How do I detect if have to apply UTF-8 decode or encode on a string?
I have a feed taken from third-party sites, and sometimes I have to apply utf8_decode
and other times utf8_encode
to get the desired visible output.
If by mistake the same stuff is applied twice/or the wrong method is used I get something more ugly, this is what I want to change.
How can I detect when what have to apply on the string?
Actually the content returns UTF-8, but inside there are parts that are not.
I can't say I can rely on mb_detect_encoding()
. I had some freaky false positives a while back.
The most universal way I found to work well in every case was:
if (preg_match('!!u', $string))
{
// This is UTF-8
}
else
{
// Definitely not UTF-8
}
function str_to_utf8 ($str) {
$decoded = utf8_decode($str);
if (mb_detect_encoding($decoded , 'UTF-8', true) === false)
return $str;
return $decoded;
}
var_dump(str_to_utf8("« Chrétiens d'Orient » : la RATP fait marche arrière"));
//string '« Chrétiens d'Orient » : la RATP fait marche arrière' (length=56)

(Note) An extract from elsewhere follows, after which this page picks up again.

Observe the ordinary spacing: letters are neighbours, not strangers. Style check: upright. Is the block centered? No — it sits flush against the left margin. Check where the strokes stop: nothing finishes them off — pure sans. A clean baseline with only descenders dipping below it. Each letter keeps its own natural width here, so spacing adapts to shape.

var_dump(str_to_utf8("« Chrétiens d'Orient » : la RATP fait marche arrière"));
//string '« Chrétiens d'Orient » : la RATP fait marche arrière' (length=56)
You can use
-
mb_detect_encoding
— Detect character encoding
The character set might also be available in the HTTP response headers or in the response data itself.
Example:
var_dump(
mb_detect_encoding(
file_get_contents('http://stackoverflow.com/questions/4407854')
),
$http_response_header
);
Output (codepad):
string(5) "UTF-8"
array(9) {
[0]=>
string(15) "HTTP/1.1 200 OK"
[1]=>
string(33) "Cache-Control: public, max-age=11"
[2]=>
string(38) "Content-Type: text/html; charset=utf-8"
[3]=>
string(38) "Expires: Fri, 10 Dec 2010 10:40:07 GMT"
[4]=>
string(44) "Last-Modified: Fri, 10 Dec 2010 10:39:07 GMT"
[5]=>
string(7) "Vary: *"
[6]=>
string(35) "Date: Fri, 10 Dec 2010 10:39:55 GMT"
[7]=>
string(17) "Connection: close"
[8]=>
string(21) "Content-Length: 34119"
}